» PROBLEM TO WORK ON: Down to the last line, set down the listing below exactly, apart from its pictures.

» TASK INPUTS:
· · · · · · ·

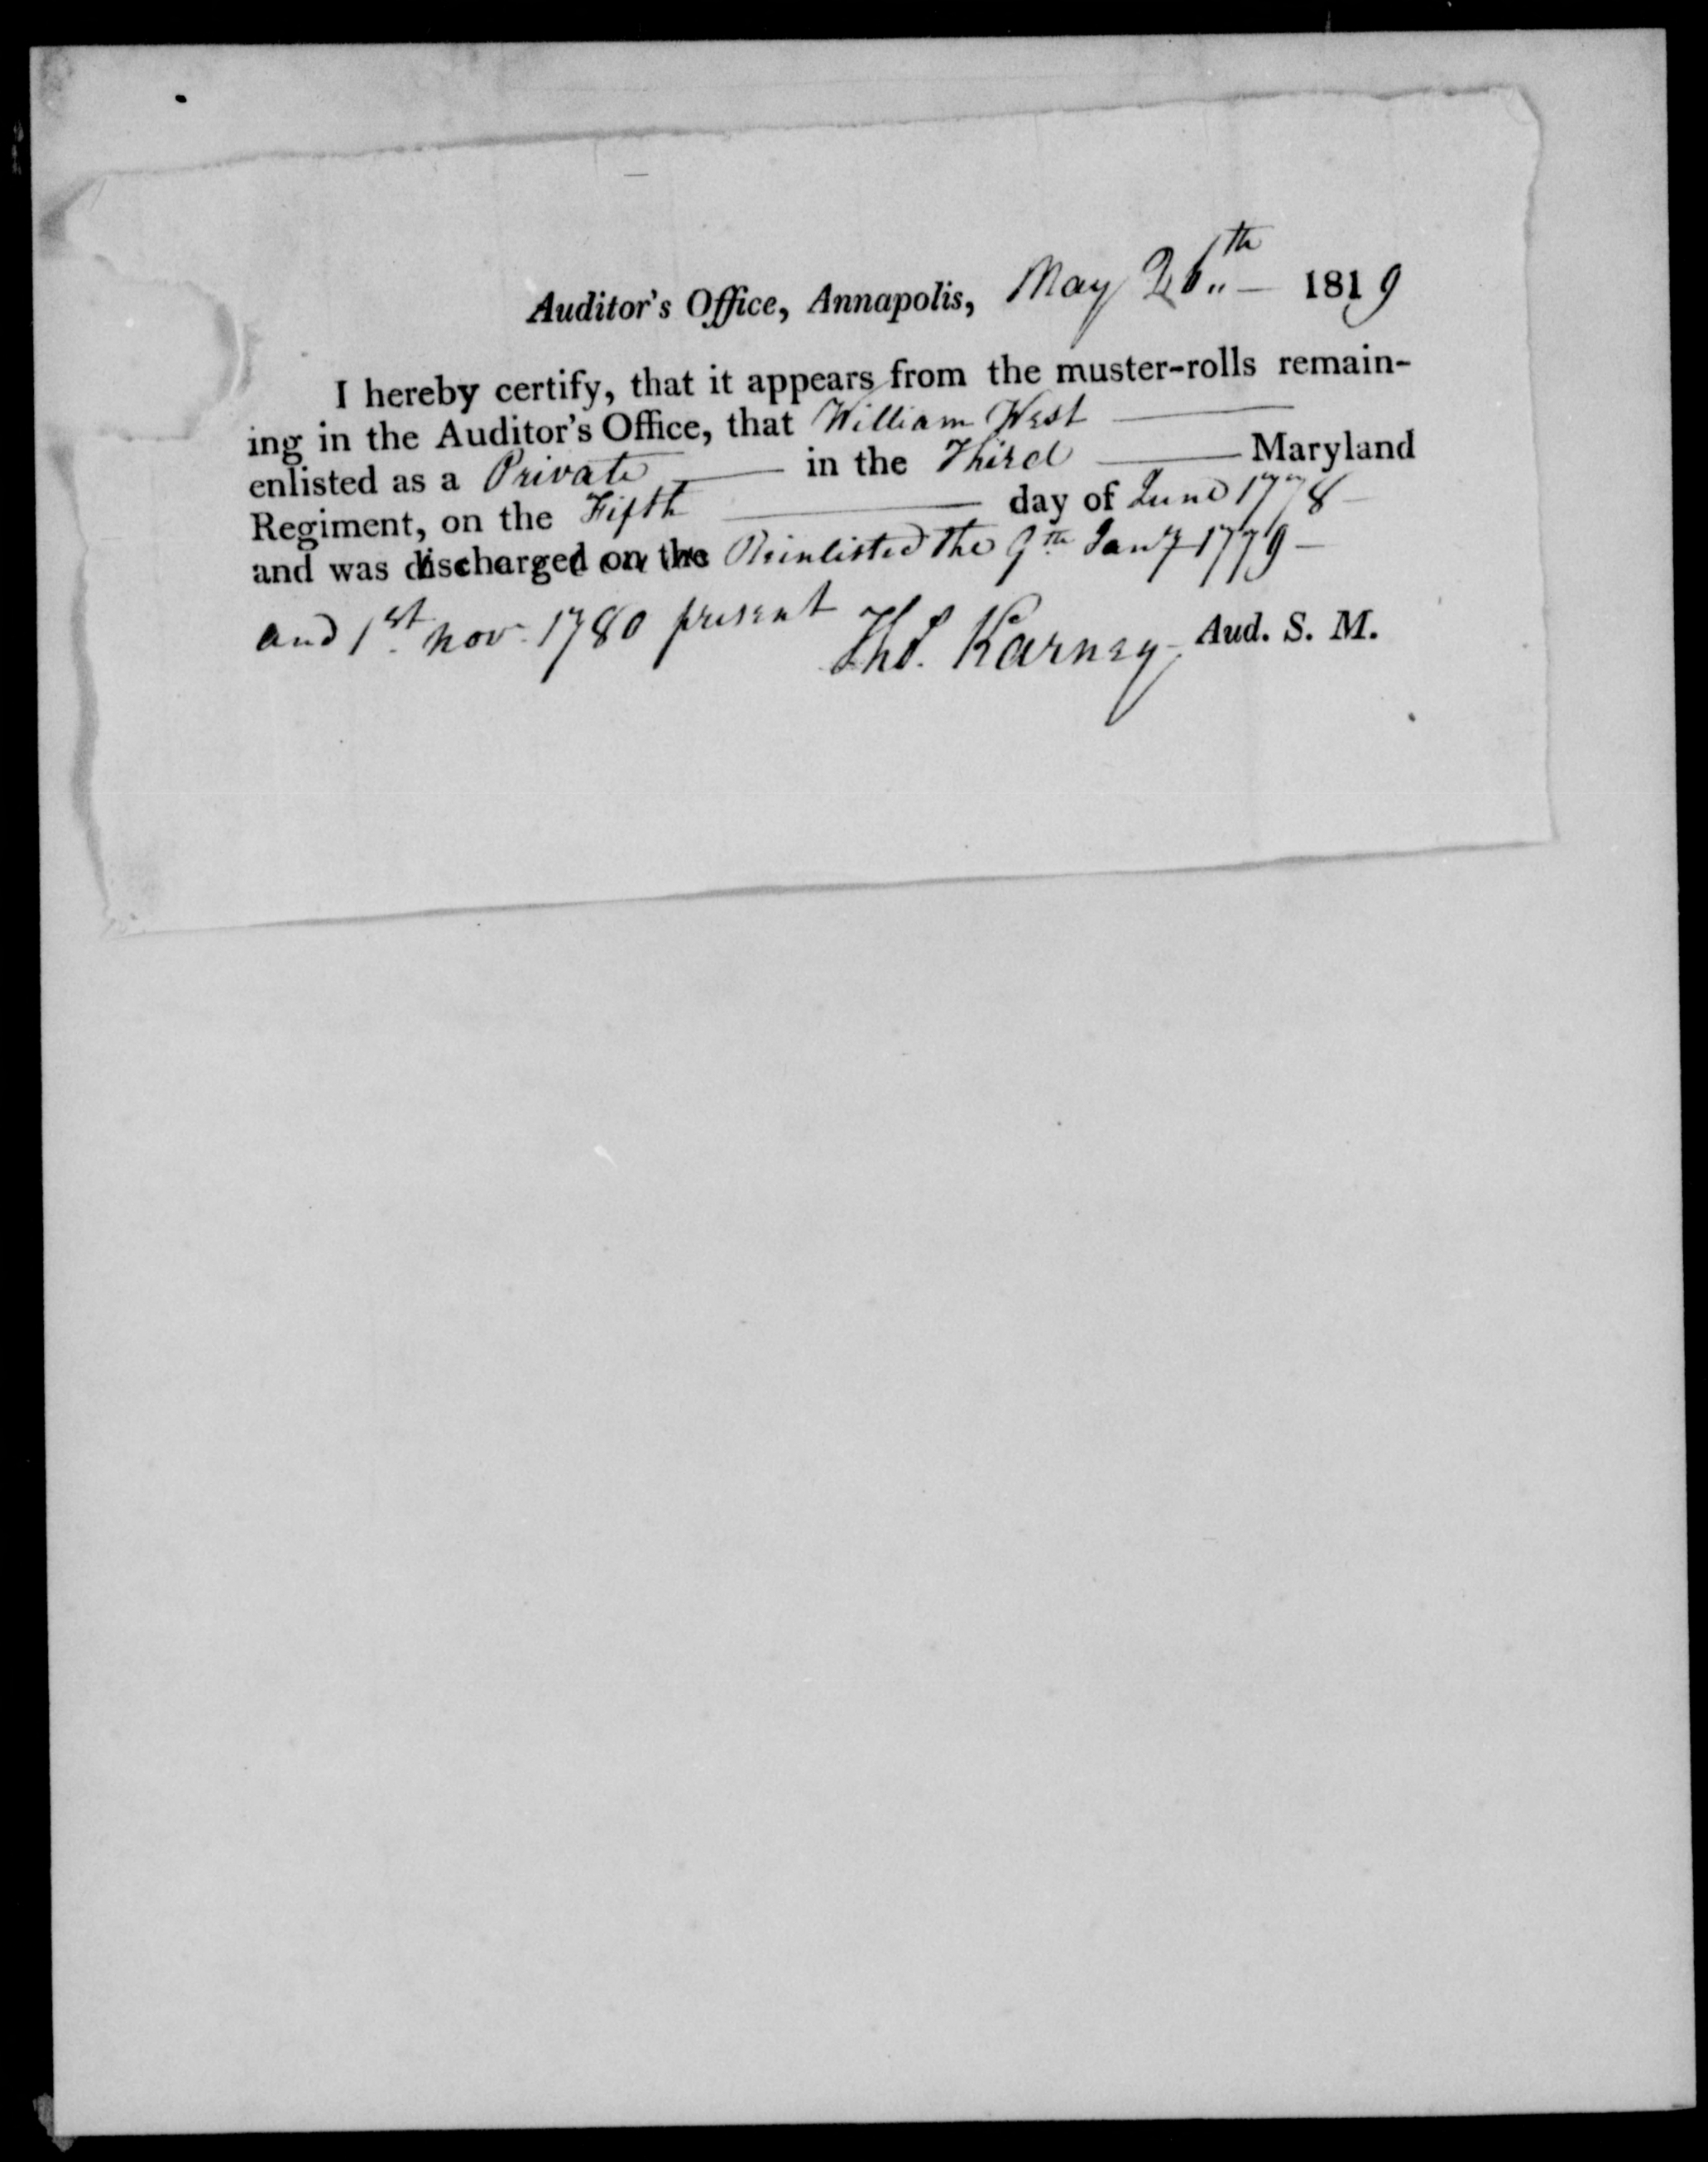Auditor's Office, Annapolis, May 26th 1819
I hereby certify, that it appears from the muster-rolls remaining
in the Auditor's Office, that William West
enlisted as a private in the Third Maryland
Regiment, on the Fifth day of June 1778-
and was [overwritten text: discharged on the] Reinlisted the 9th January 1779-
and 1st Nov. 1780 present Thd. Karney Aud. S.M.

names: William West, Thos Karney
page: 8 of 12
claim: survivor's
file: S. 42060, William West, Md.

· · · · · · ·

» FINISHED TASK:
Auditor's Office, Annapolis, May 26th 1819
I hereby certify, that it appears from the muster-rolls remaining
in the Auditor's Office, that William West
enlisted as a private in the Third Maryland
Regiment, on the Fifth day of June 1778-
and was [overwritten text: discharged on the] Reinlisted the 9th January 1779-
and 1st Nov. 1780 present Thd. Karney Aud. S.M.

names: William West, Thos Karney
page: 8 of 12
claim: survivor's
file: S. 42060, William West, Md.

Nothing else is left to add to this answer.